* _Records for the exercise_:
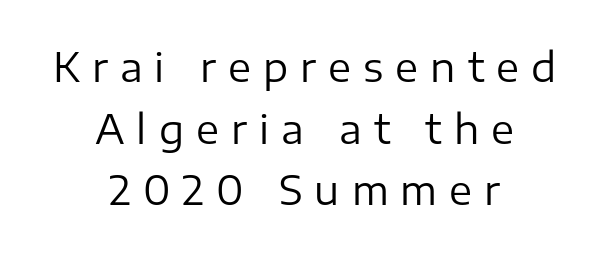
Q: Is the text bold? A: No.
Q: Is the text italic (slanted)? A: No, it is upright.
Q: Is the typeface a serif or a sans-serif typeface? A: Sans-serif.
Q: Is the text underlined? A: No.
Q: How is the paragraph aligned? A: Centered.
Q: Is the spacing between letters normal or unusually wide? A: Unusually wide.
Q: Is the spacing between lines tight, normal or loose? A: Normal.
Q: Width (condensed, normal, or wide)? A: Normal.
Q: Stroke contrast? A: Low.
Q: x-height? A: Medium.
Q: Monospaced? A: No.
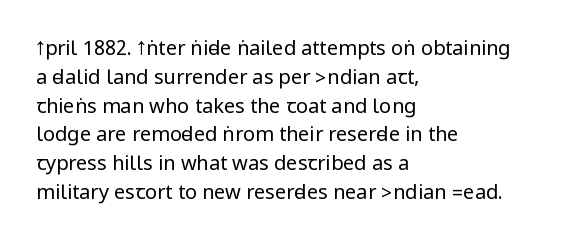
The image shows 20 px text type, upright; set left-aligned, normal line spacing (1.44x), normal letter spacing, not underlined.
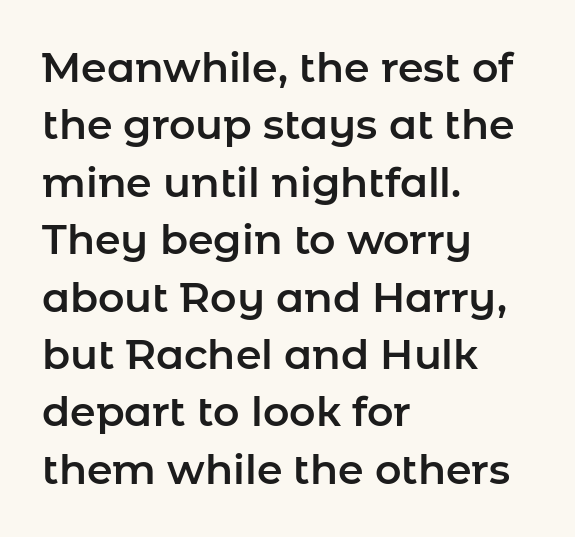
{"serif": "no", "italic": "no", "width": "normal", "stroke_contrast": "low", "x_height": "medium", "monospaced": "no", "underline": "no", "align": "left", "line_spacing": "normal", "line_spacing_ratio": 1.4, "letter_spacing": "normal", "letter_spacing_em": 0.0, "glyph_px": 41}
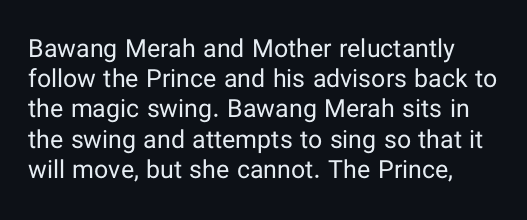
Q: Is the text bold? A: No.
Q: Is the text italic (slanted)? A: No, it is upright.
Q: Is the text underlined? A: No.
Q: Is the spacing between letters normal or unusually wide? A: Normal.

...

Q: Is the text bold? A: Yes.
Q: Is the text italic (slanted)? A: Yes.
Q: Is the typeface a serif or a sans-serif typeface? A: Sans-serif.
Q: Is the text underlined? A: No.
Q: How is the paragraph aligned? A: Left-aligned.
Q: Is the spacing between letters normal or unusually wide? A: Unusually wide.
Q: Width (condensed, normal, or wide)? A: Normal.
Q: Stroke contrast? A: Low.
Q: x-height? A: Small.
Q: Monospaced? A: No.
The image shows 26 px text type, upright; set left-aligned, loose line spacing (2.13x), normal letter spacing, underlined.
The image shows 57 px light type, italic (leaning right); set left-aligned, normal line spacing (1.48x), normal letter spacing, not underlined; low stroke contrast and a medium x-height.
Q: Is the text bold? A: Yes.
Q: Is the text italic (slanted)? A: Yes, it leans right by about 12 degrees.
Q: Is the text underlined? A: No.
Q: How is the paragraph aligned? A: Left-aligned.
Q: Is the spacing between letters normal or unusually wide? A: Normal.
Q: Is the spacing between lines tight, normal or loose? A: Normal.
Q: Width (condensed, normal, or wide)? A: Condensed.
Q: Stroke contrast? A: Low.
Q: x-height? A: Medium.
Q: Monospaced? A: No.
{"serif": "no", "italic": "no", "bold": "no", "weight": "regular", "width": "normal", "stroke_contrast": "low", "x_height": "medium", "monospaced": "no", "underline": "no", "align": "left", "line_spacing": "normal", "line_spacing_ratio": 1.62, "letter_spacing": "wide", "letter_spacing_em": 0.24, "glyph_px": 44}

* * *

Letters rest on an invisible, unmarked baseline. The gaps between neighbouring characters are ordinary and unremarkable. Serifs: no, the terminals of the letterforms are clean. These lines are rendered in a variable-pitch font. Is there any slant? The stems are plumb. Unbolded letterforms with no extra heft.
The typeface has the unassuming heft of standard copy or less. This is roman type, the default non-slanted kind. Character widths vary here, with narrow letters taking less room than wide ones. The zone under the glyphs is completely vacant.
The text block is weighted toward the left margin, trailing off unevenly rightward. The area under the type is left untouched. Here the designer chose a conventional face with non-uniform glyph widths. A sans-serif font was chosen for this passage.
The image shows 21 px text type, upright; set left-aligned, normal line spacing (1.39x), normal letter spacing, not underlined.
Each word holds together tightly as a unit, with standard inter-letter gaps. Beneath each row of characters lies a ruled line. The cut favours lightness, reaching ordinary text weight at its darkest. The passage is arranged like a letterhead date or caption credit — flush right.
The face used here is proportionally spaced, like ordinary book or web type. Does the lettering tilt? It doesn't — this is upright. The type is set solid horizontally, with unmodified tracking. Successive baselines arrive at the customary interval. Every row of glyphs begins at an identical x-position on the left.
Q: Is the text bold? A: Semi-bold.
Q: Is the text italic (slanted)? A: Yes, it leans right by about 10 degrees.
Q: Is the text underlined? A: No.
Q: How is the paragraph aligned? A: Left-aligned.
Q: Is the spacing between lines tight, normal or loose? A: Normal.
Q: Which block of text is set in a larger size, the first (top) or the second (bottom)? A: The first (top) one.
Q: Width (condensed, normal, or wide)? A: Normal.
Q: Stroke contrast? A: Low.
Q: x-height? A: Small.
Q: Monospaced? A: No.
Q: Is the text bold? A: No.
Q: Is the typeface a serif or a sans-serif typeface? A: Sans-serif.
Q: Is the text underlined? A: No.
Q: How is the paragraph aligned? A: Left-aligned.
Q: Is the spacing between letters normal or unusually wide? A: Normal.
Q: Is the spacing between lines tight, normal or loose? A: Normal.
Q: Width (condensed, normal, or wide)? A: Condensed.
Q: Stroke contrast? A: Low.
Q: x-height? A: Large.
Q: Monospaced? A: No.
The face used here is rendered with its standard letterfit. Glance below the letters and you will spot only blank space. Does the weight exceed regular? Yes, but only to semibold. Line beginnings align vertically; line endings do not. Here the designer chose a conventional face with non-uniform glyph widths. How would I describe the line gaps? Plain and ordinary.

* _Aim of the task_:
From the records above, pull every line that carries the word "upright".

* _Answer to this problem_:
Q: Is the text italic (slanted)? A: No, it is upright.
The image shows 20 px text type, upright; set left-aligned, normal line spacing (1.44x), normal letter spacing, not underlined.
Q: Is the text italic (slanted)? A: No, it is upright.
The image shows 26 px text type, upright; set left-aligned, loose line spacing (2.13x), normal letter spacing, underlined.
The image shows 21 px text type, upright; set left-aligned, normal line spacing (1.39x), normal letter spacing, not underlined.
The face used here is proportionally spaced, like ordinary book or web type. Does the lettering tilt? It doesn't — this is upright. The type is set solid horizontally, with unmodified tracking. Successive baselines arrive at the customary interval. Every row of glyphs begins at an identical x-position on the left.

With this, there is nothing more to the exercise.